Derek goes through how the allocation wizard works in Indexer Tools.

He shows how this feature simplifies a highly technical task into one that a non-technical person could do. If you’re looking to expand your team or you have someone non-technical on your team, they could be using this feature to oversee all of the allocations for your indexer.

Jim shared that the tool also makes it easy to balance your allocations and leave space for other indexers.

Alternative to Google Docs

[Timestamp 50:07]

Vincent from Data Nexus shared some links in the chat about dDocs, an alternative to Google Docs powered by Fileverse.

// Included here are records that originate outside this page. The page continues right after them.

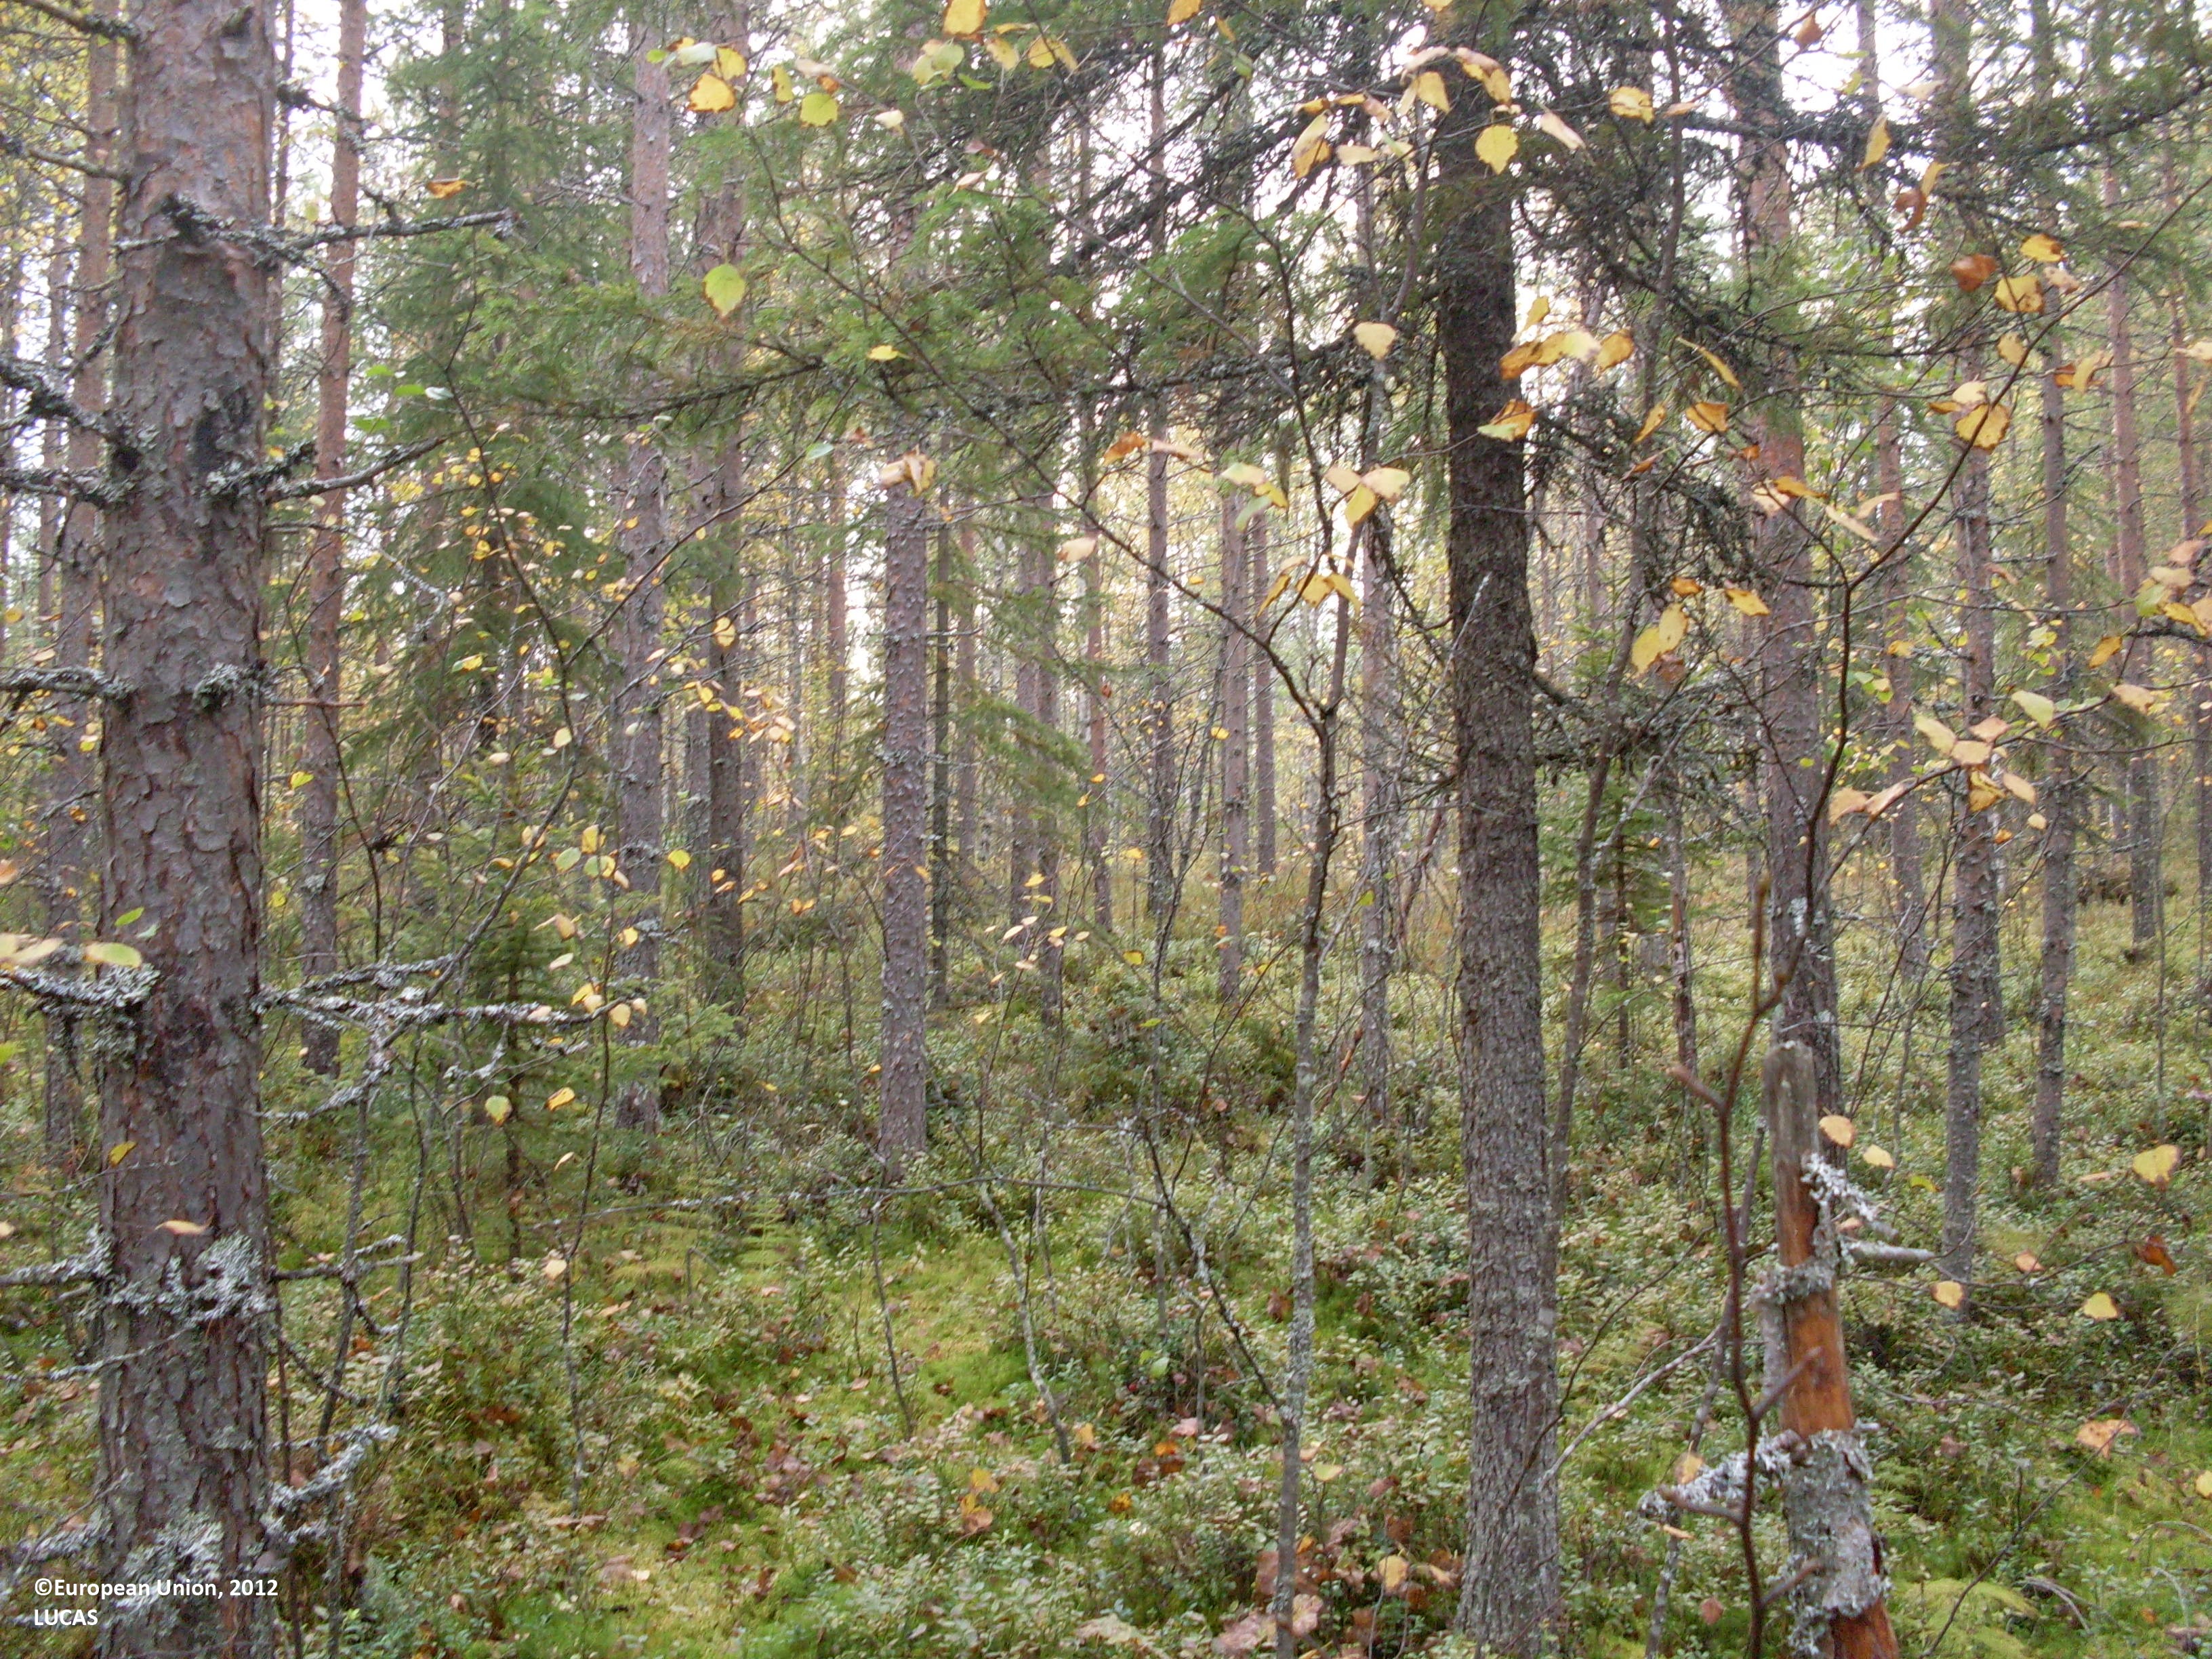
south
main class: Woodland
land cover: Pine dominated coniferous woodland
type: boreal forest
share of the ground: > 75 %
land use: Forestry
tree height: > 5 m
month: September
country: FI
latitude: 64.2655
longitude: 30.2931
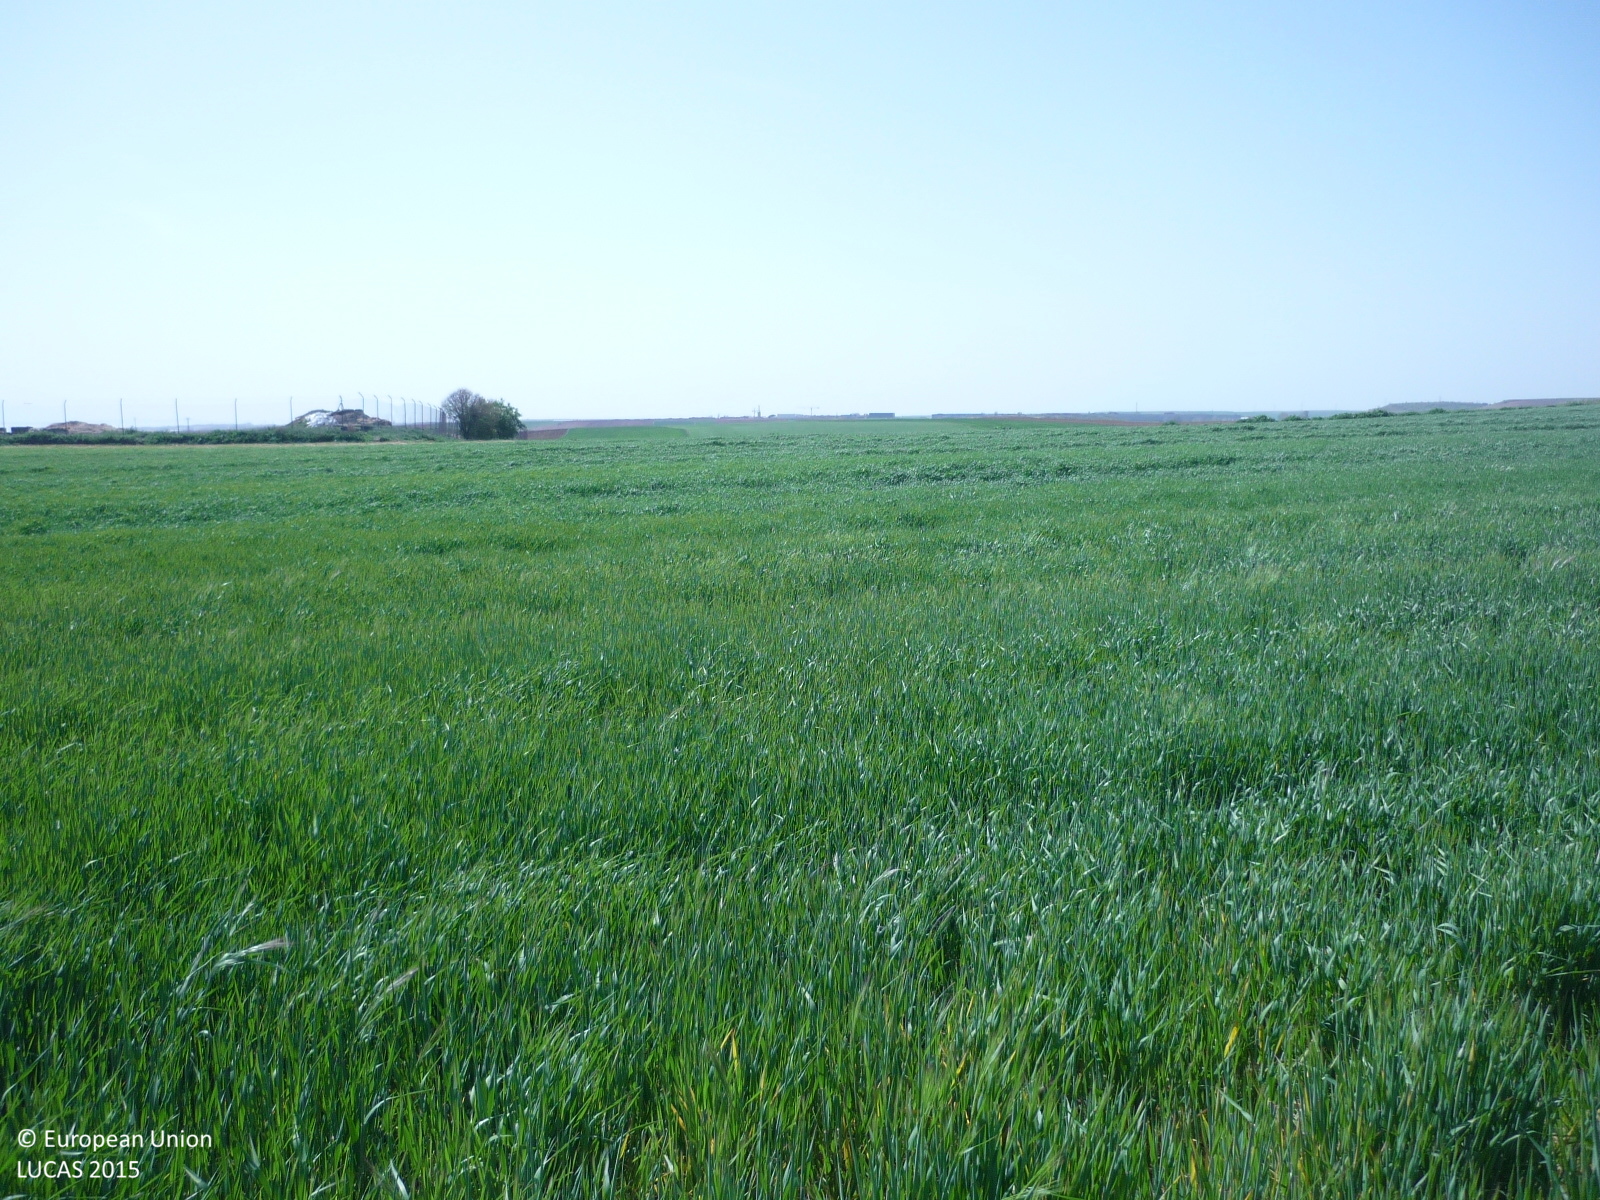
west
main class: Cropland
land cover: Barley
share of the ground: > 75 %
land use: Agriculture (excluding fallow land and kitchen gardens)
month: April
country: ES
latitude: 40.5321
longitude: -3.4107

Vincent: A decentralized Google Docs, I feel like that’s something that The Graph protocol, that we, would like to support. I think we would probably like to head in the direction of supporting products like this.

Pain points and feedback for core devs

[Timestamp 52:37]

Vincent | Data Nexus: I’m eagerly awaiting control over deployment names in combo with deployment rules as well. That will be so helpful for managing subgraphs with significant query traffic.

Marc-André | Ellipfra: Handling 100 subgraphs is one thing… 400 subgraphs is painful. We need to be able to support 4000 soon.

Derek | Data Nexus: Regarding grafts, is there a way that we can ‘migrate’ the old deployment rather than doing the copy process?

  • Marc-André | Ellipfra replied: Yeah, why not? Would be so much faster. But sometimes you have two subgraphs that need the same graft.

Latest Indexer Agent release (GitHub repo)

Jim | Wavefive 🌊: The latest indexer agent, some folks are complaining about very aggressive health checking causing issues with allocating?

Josh Kauffman | confirmed: We have to jump between versions to get around this. Super annoying.

Ford clarified: Just a config.

Jim | Wavefive 🌊: I’ve been avoiding upgrading but time is ticking on base allocations 😄

Ford: Worth updating defaults though.

Marc-André | Ellipfra: Avoiding upgrading past 0.20.22 due to this issue and other odd things I did not have time to troubleshoot.

Josh Kauffman | Ford, what’s the config line so I can pass that over. I thought we had played with that, but maybe not the right one (or more than one?)

Ford: We did push the release out quickly before our break to fix some things. Need to put out a more detailed changelog.